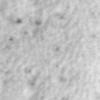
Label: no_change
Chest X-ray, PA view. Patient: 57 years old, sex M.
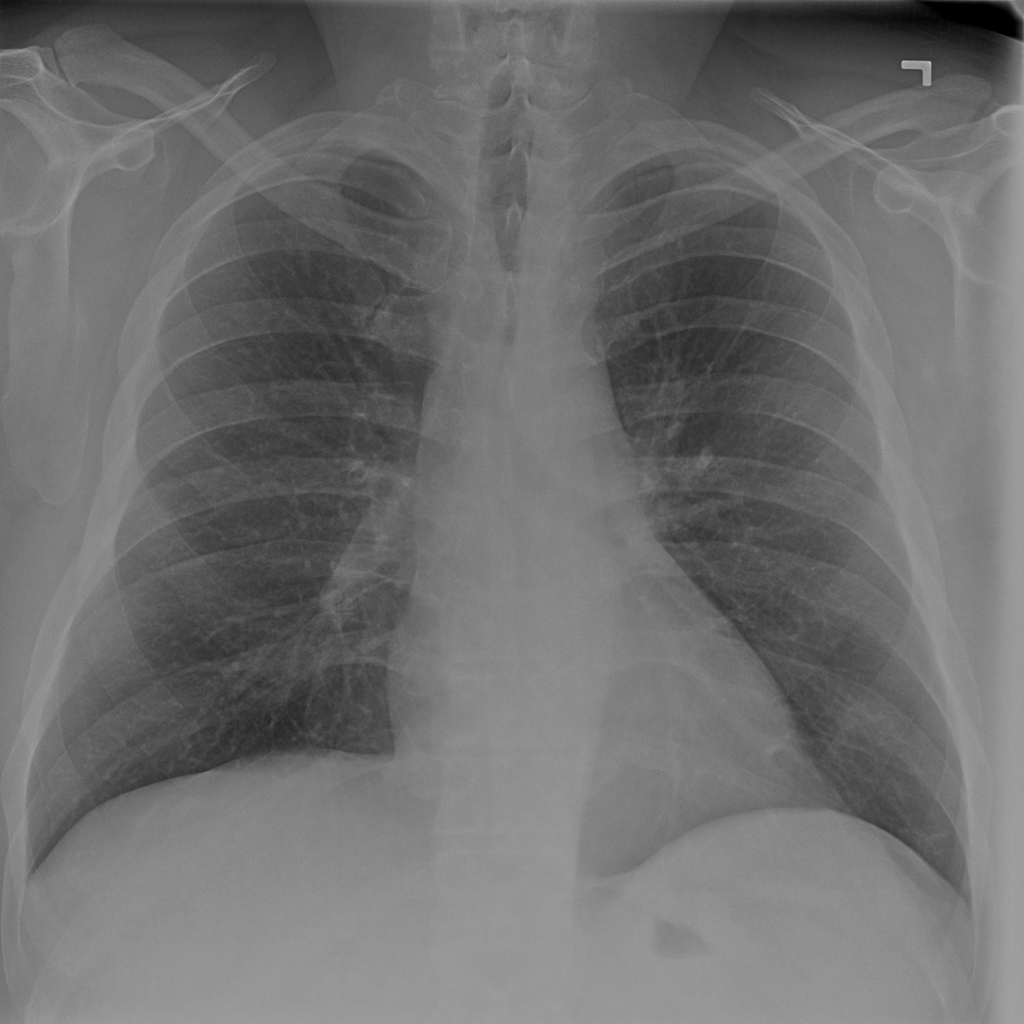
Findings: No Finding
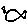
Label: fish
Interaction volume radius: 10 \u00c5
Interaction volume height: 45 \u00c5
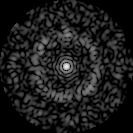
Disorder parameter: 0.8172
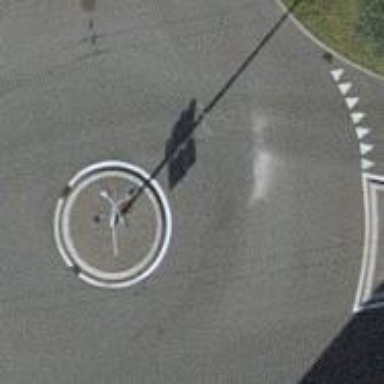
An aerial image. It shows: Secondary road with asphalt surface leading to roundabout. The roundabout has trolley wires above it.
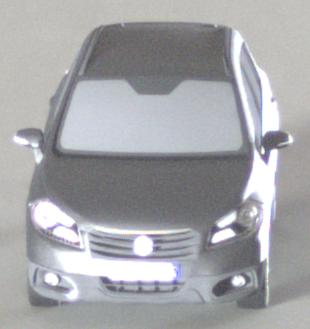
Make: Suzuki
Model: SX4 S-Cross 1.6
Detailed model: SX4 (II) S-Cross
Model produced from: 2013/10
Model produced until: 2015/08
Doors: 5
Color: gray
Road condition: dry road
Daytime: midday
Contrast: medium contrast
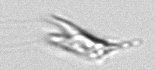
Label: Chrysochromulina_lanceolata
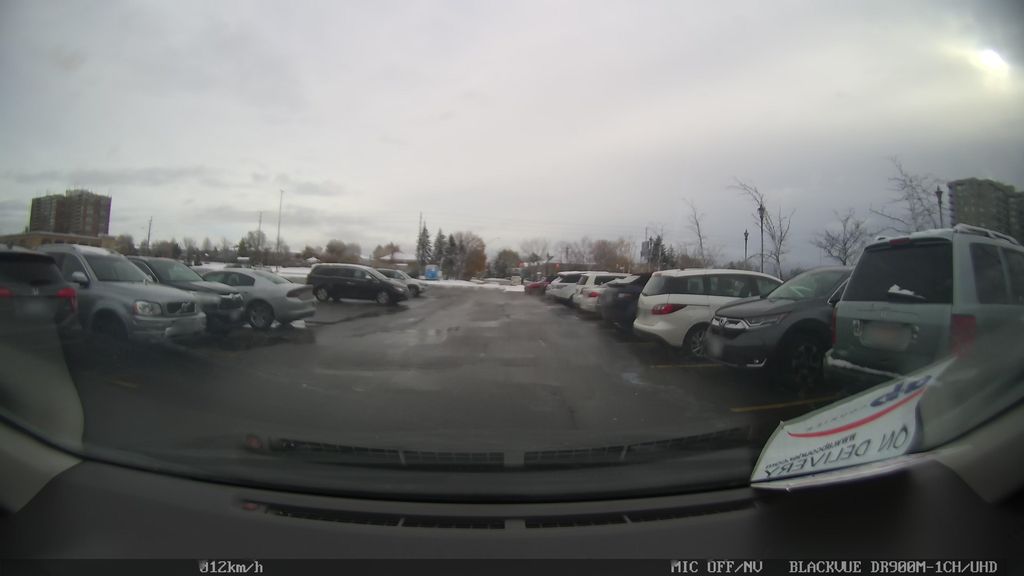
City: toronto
+---+
• _Task to carry out_: For this task, give again exactly the lines from the line with "Chest X-ray, PA" through the end of the entries, including both ends, and omit the pictures.

• _Answer for the task_:
Chest X-ray, PA view. Patient: 57 years old, sex M.
Findings: No Finding
Label: fish
Interaction volume radius: 10 \u00c5
Interaction volume height: 45 \u00c5
Disorder parameter: 0.8172
An aerial image. It shows: Secondary road with asphalt surface leading to roundabout. The roundabout has trolley wires above it.
Make: Suzuki
Model: SX4 S-Cross 1.6
Detailed model: SX4 (II) S-Cross
Model produced from: 2013/10
Model produced until: 2015/08
Doors: 5
Color: gray
Road condition: dry road
Daytime: midday
Contrast: medium contrast
Label: Chrysochromulina_lanceolata
City: toronto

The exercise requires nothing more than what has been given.